Furthermore, the absence of explicit structural dependency in discrete DLMs leads to the "Marginal Trap," where the model learns correct token-wise marginals but fails to capture joint constraints. As shown in the figure below, when sampling independently from learned marginals, invalid combinations such as "I likes tennis" can emerge, even though each token is individually plausible. This occurs because the model is not trained to enforce compatibility between multiple tokens during parallel updates. The problem is exacerbated by committed intermediate states, where early sampled tokens become fixed context for later steps, and by parallel updates with fewer steps than tokens, which forces joint decisions without an explicit factorization to ensure consistency.

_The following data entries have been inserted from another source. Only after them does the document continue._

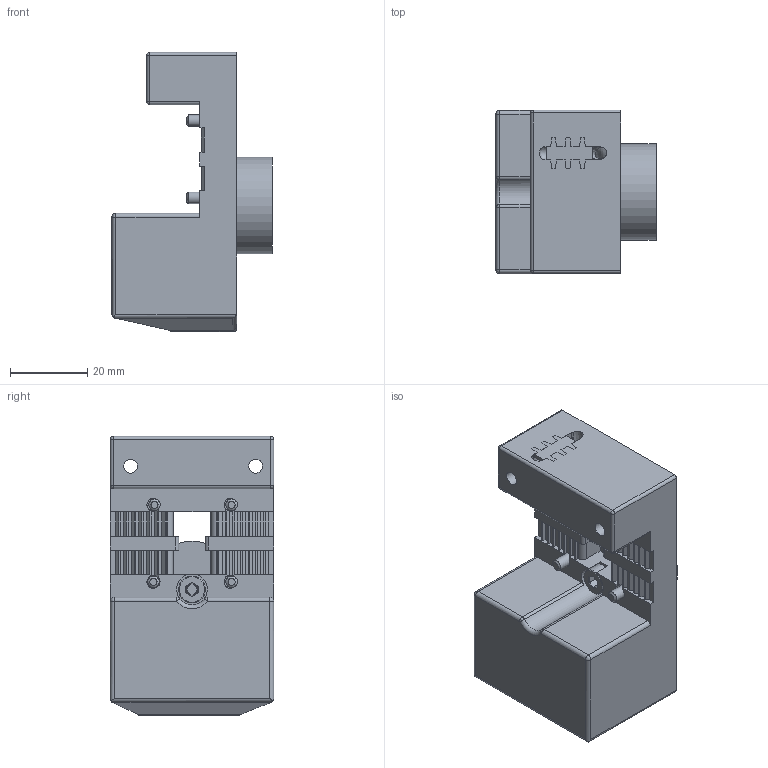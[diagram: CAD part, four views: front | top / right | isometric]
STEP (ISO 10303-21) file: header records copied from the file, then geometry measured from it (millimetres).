
FILE_DESCRIPTION(/* description */ (''),/* implementation_level */ '2;1');
FILE_NAME(/* name */ 'HardPlate.step',/* time_stamp */ '2023-09-01T22:00:51+02:00',/* author */ (''),/* organization */ (''),/* preprocessor_version */ 'ST-DEVELOPER v20',/* originating_system */ 'Autodesk Translation Framework v12.9.0.99',/* authorisation */ '');
FILE_SCHEMA (('AUTOMOTIVE_DESIGN { 1 0 10303 214 3 1 1 }'));
Length unit declared in the file: millimetre
Products named in the file (8): HardPlate; M3x8 SHCS (36); M3x8 SHCS (35); M3x8 SHCS (33); M3x8 SHCS (34); M4; Electromagnet; CableCap 
Assembly tree (7 placements, depth 2):
  HardPlate
    M3x8 SHCS (36)
    M3x8 SHCS (35)
    M3x8 SHCS (33)
    M3x8 SHCS (34)
    M4
    Electromagnet
    CableCap 
Bounding box: 41.55 x 42.4 x 72.45 mm (x, y, z)
Volume: 65270.6 mm3; surface area: 19068.8 mm2
Topology: 8 solids, 8 shells, 581 faces, 1538 edges, 975 vertices
Faces by surface type: plane 333, cylinder 156, cone 45, bspline 22, sphere 17, torus 8
Full cylindrical faces by diameter (mm): 1.889 x2, 2.384 x4, 3 x5, 3.242 x27, 3.4 x4, 3.6 x2, 4 x26, 5.5 x7, 6 x4, 7 x1, 25 x1
Entity records: 25072 total; most frequent: CARTESIAN_POINT 10731, ORIENTED_EDGE 3054, DIRECTION 2827, EDGE_CURVE 1527, LINE 977, VECTOR 977, VERTEX_POINT 975, AXIS2_PLACEMENT_3D 925

These observations underscore that designing effective DLMs requires more than adhering to the mathematical formalism of diffusion. It necessitates aligning the corruption process with the uneven distribution of information in language and incorporating mechanisms to model joint token dependencies, thereby bridging the gap between diffusion’s iterative refinement and language’s structural complexity.
Experiment
- A single-pass probing experiment on a masked DLM visualizes token predictions across a 128-token answer span. This demonstrates that early positions predict content-specific tokens while later positions favor high-frequency tokens and special symbols.
- This pattern was validated by repeating the procedure on 100 prompts from the LIMA training dataset, which consistently showed the same qualitative results.
The authors use a masked language model with 128 mask tokens appended to a user prompt, then extract the top-3 predicted tokens and their probabilities at each masked position. Results show that early positions exhibit sharp, content-specific predictions such as "Yes", "cells", and "migrate", while later positions increasingly favor high-frequency tokens like "the", punctuation, and end-of-sequence tokens, indicating a shift from content generation to structural or termination signals.